The dominant operation is the grouping of transactions by customer. Every row is processed once to update aggregate statistics. The database stores one aggregate record per customer, resulting in O(C) auxiliary storage.

Test Cases

# Example from statement
assert [101, 104] == [101, 104]  # provided example

# Exactly 3 purchases, 30-day span, no refunds
assert True  # qualifies

# Exactly 20% refund rate
assert True  # should NOT qualify

# Less than 3 purchases
assert True  # should NOT qualify

# More than 3 purchases but active for only 29 days
assert True  # should NOT qualify

# No refunds and long activity period
assert True  # should qualify

# High refund rate
assert True  # should NOT qualify

# Single transaction customer
assert True  # should NOT qualify

# Many purchases and one refund under 20%
assert True  # should qualify

# Purchases spread over years
assert True  # should qualify

# Customer with only refunds
assert True  # should NOT qualify

Test Summary

Test Why
Provided example Validates overall correctness
Exactly 3 purchases Checks inclusive lower bound
Exactly 20% refund rate Verifies strict inequality
Fewer than 3 purchases Validates purchase threshold
29 active days Verifies activity boundary
No refunds Confirms refund rate of 0% works
High refund rate Ensures exclusion logic is correct
Single transaction Tests minimum-size customer history
One refund among many purchases Tests fractional refund rate
Multi-year activity Tests large date ranges
Refund-only customer Ensures purchase requirement is enforced

Edge Cases

Refund Rate Exactly Equal to 20%

A common mistake is using <= 0.20 instead of < 0.20. The problem explicitly requires the refund rate to be less than 20%. A customer with 1 refund and 4 total transactions has a refund rate of exactly 20% and must be excluded. The query correctly uses a strict comparison.

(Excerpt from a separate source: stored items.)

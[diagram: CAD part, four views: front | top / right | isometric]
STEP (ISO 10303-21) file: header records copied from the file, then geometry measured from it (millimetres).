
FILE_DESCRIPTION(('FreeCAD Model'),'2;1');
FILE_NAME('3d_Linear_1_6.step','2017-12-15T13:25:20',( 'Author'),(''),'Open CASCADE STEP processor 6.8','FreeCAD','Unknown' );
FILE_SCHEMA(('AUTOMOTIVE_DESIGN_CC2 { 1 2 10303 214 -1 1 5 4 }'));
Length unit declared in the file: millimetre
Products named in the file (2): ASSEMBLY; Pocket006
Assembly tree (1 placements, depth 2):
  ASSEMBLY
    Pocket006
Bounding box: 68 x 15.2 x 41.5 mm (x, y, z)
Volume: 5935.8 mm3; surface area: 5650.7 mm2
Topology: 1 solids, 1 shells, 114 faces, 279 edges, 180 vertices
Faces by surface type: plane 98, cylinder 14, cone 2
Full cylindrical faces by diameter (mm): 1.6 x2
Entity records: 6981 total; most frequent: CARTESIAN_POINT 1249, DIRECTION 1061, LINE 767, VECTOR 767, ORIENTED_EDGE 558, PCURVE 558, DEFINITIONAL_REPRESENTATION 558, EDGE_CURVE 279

Customer Has Exactly Three Purchases

The purchase requirement is inclusive. A customer with exactly three purchases satisfies the condition. Using > instead of >= would incorrectly remove valid customers. The solution uses >= 3.

Activity Period Exactly Thirty Days

The activity requirement is "at least 30 days". A customer whose first transaction is January 1 and last transaction is January 31 has an activity span of exactly 30 days and should qualify. The solution uses DATEDIFF(...) >= 30.

Customer With No Refunds

Some customers may never issue refunds. Their refund count is zero and their refund rate becomes 0 / total_transactions = 0%. Since 0% is less than 20%, they satisfy the refund criterion. The aggregation formula naturally handles this case.

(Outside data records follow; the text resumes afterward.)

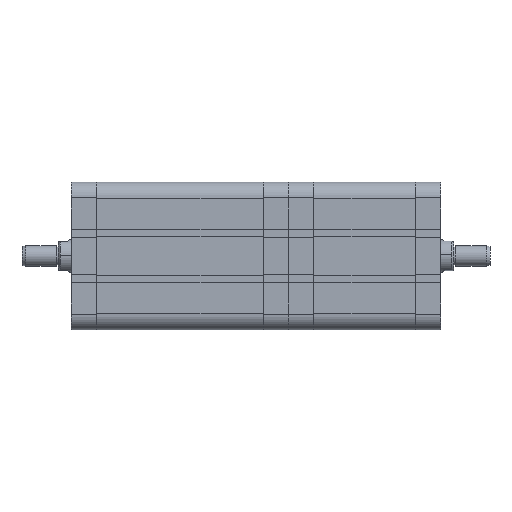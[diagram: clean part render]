
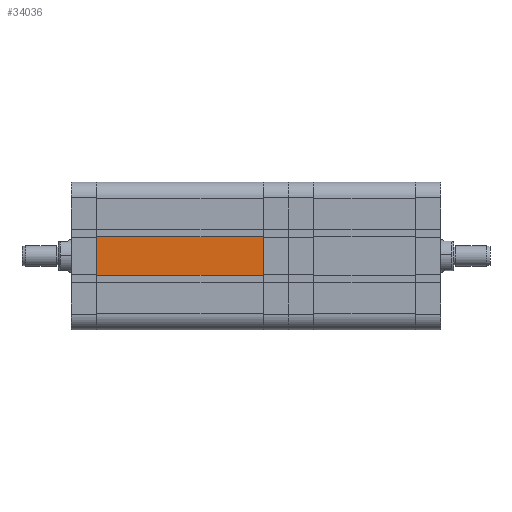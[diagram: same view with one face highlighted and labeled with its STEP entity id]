
A CAD part, front view. The second image highlights one B-rep face of the part: STEP entity #34036.
In plain terms, the highlighted planar face has unit normal (0, -1, 0).
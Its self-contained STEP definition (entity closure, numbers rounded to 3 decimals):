
#371 = CARTESIAN_POINT ( 'NONE',  ( 128., -56.75, -56.75 ) ) ;
#896 = DIRECTION ( 'NONE',  ( -1., 0., 0. ) ) ;
#1883 = DIRECTION ( 'NONE',  ( 0., 0., 1. ) ) ;
#3775 = VECTOR ( 'NONE', #27701, 1000. ) ;
#3885 = LINE ( 'NONE', #15589, #36961 ) ;
#5320 = LINE ( 'NONE', #16820, #31317 ) ;
#5436 = PLANE ( 'NONE',  #5607 ) ;
#5607 = AXIS2_PLACEMENT_3D ( 'NONE', #17533, #13973, #1883 ) ;
#9690 = LINE ( 'NONE', #371, #3775 ) ;
#11655 = CARTESIAN_POINT ( 'NONE',  ( 0., -56.75, -14.7 ) ) ;
#11672 = DIRECTION ( 'NONE',  ( -1., 0., 0. ) ) ;
#13177 = ORIENTED_EDGE ( 'NONE', *, *, #19282, .F. ) ;
#13973 = DIRECTION ( 'NONE',  ( 0., 1., 0. ) ) ;
#14041 = VERTEX_POINT ( 'NONE', #17460 ) ;
#14354 = ORIENTED_EDGE ( 'NONE', *, *, #23348, .T. ) ;
#15589 = CARTESIAN_POINT ( 'NONE',  ( 0., -56.75, -56.75 ) ) ;
#15975 = DIRECTION ( 'NONE',  ( 0., 0., -1. ) ) ;
#16820 = CARTESIAN_POINT ( 'NONE',  ( 128.001, -56.75, 14.7 ) ) ;
#17246 = EDGE_LOOP ( 'NONE', ( #28924, #14354, #13177, #23641 ) ) ;
#17460 = CARTESIAN_POINT ( 'NONE',  ( 128., -56.75, 14.7 ) ) ;
#17533 = CARTESIAN_POINT ( 'NONE',  ( 128., -56.75, -56.75 ) ) ;
#17730 = VECTOR ( 'NONE', #896, 1000. ) ;
#19282 = EDGE_CURVE ( 'NONE', #30159, #24305, #28030, .T. ) ;
#20495 = FACE_OUTER_BOUND ( 'NONE', #17246, .T. ) ;
#20560 = CARTESIAN_POINT ( 'NONE',  ( 0., -56.75, 14.7 ) ) ;
#22424 = VERTEX_POINT ( 'NONE', #20560 ) ;
#23348 = EDGE_CURVE ( 'NONE', #22424, #24305, #3885, .T. ) ;
#23641 = ORIENTED_EDGE ( 'NONE', *, *, #34846, .F. ) ;
#24305 = VERTEX_POINT ( 'NONE', #11655 ) ;
#26444 = EDGE_CURVE ( 'NONE', #14041, #22424, #5320, .T. ) ;
#27701 = DIRECTION ( 'NONE',  ( 0., 0., -1. ) ) ;
#28030 = LINE ( 'NONE', #30420, #17730 ) ;
#28924 = ORIENTED_EDGE ( 'NONE', *, *, #26444, .T. ) ;
#30159 = VERTEX_POINT ( 'NONE', #35870 ) ;
#30420 = CARTESIAN_POINT ( 'NONE',  ( 128.001, -56.75, -14.7 ) ) ;
#31317 = VECTOR ( 'NONE', #11672, 1000. ) ;
#34036 = ADVANCED_FACE ( 'NONE', ( #20495 ), #5436, .F. ) ;
#34846 = EDGE_CURVE ( 'NONE', #14041, #30159, #9690, .T. ) ;
#35870 = CARTESIAN_POINT ( 'NONE',  ( 128., -56.75, -14.7 ) ) ;
#36961 = VECTOR ( 'NONE', #15975, 1000. ) ;

Customer With Many Transactions in a Short Time

A customer may have dozens of purchases but all within a few days. Even though they satisfy the purchase requirement and possibly the refund-rate requirement, they must still be excluded because their activity span is less than 30 days. The solution explicitly checks the date range independently of transaction counts.